> _Stored dataset items_
****

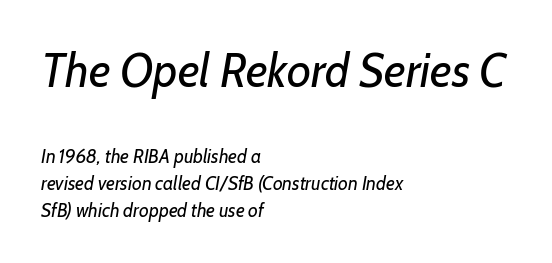
This layout puts the oversized block above and the modest block below. Vertical spacing — default. The foot of each line stays bare and open. On a weight scale, this lands at 450 or below. Spacing verdict: proportional, widths tailored to each character.
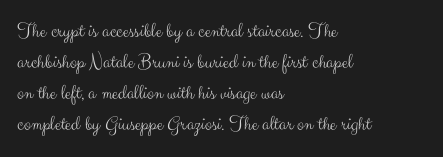
Q: Is the text bold? A: No.
Q: Is the text italic (slanted)? A: Yes.
Q: Is the text underlined? A: No.
Q: How is the paragraph aligned? A: Left-aligned.
Q: Is the spacing between letters normal or unusually wide? A: Normal.
Q: Is the spacing between lines tight, normal or loose? A: Normal.
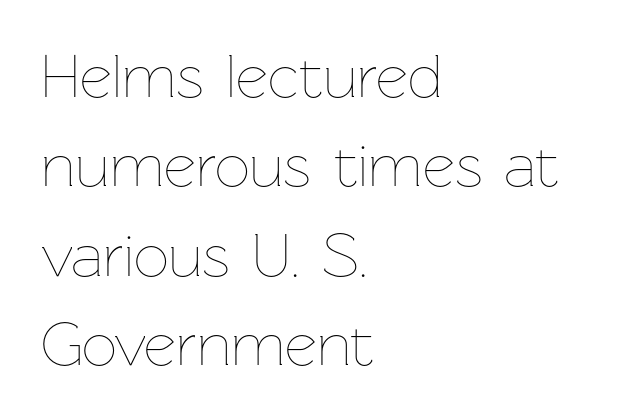
{"italic": "no", "bold": "no", "weight": "thin", "width": "normal", "stroke_contrast": "low", "x_height": "medium", "monospaced": "no", "underline": "no", "align": "left", "line_spacing": "normal", "line_spacing_ratio": 1.44, "letter_spacing": "normal", "letter_spacing_em": 0.0, "glyph_px": 62}
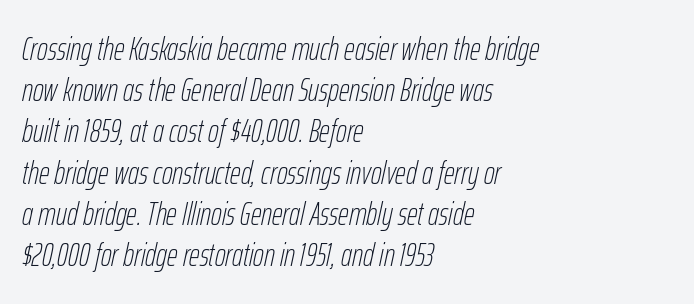
The image shows 33 px thin, condensed type, italic (leaning right); set left-aligned, normal line spacing (1.25x), normal letter spacing, not underlined; low stroke contrast and a medium x-height.
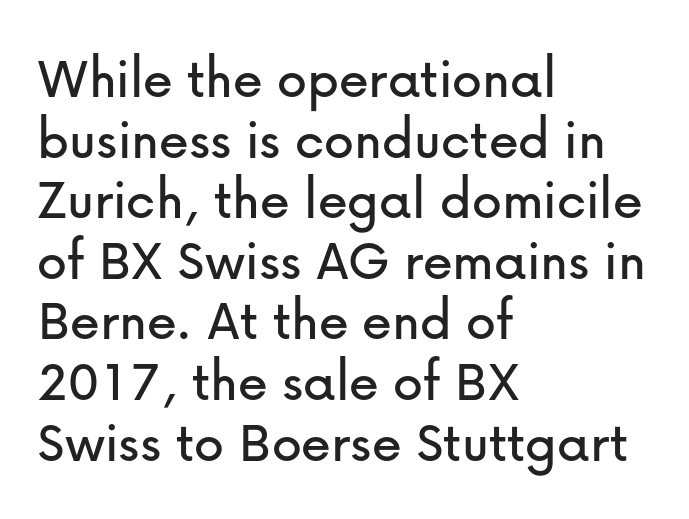
The image shows 60 px sans-serif type, upright; set left-aligned, tight line spacing (1.01x), normal letter spacing, not underlined; low stroke contrast and a medium x-height.
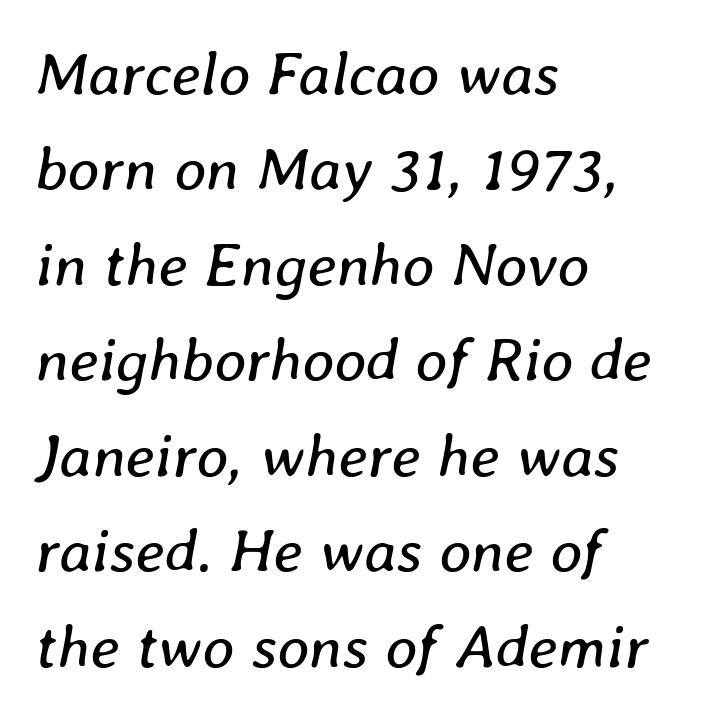
The image shows 62 px regular-weight type, italic (leaning right); set left-aligned, normal line spacing (1.54x), normal letter spacing, not underlined; low stroke contrast and a medium x-height.

****

From the line containing "The image shows 60" to the final line of the entries, both included, transcribe every line exactly, omit the pictures, and add nothing more.

> _Expected output_
The image shows 60 px sans-serif type, upright; set left-aligned, tight line spacing (1.01x), normal letter spacing, not underlined; low stroke contrast and a medium x-height.
The image shows 62 px regular-weight type, italic (leaning right); set left-aligned, normal line spacing (1.54x), normal letter spacing, not underlined; low stroke contrast and a medium x-height.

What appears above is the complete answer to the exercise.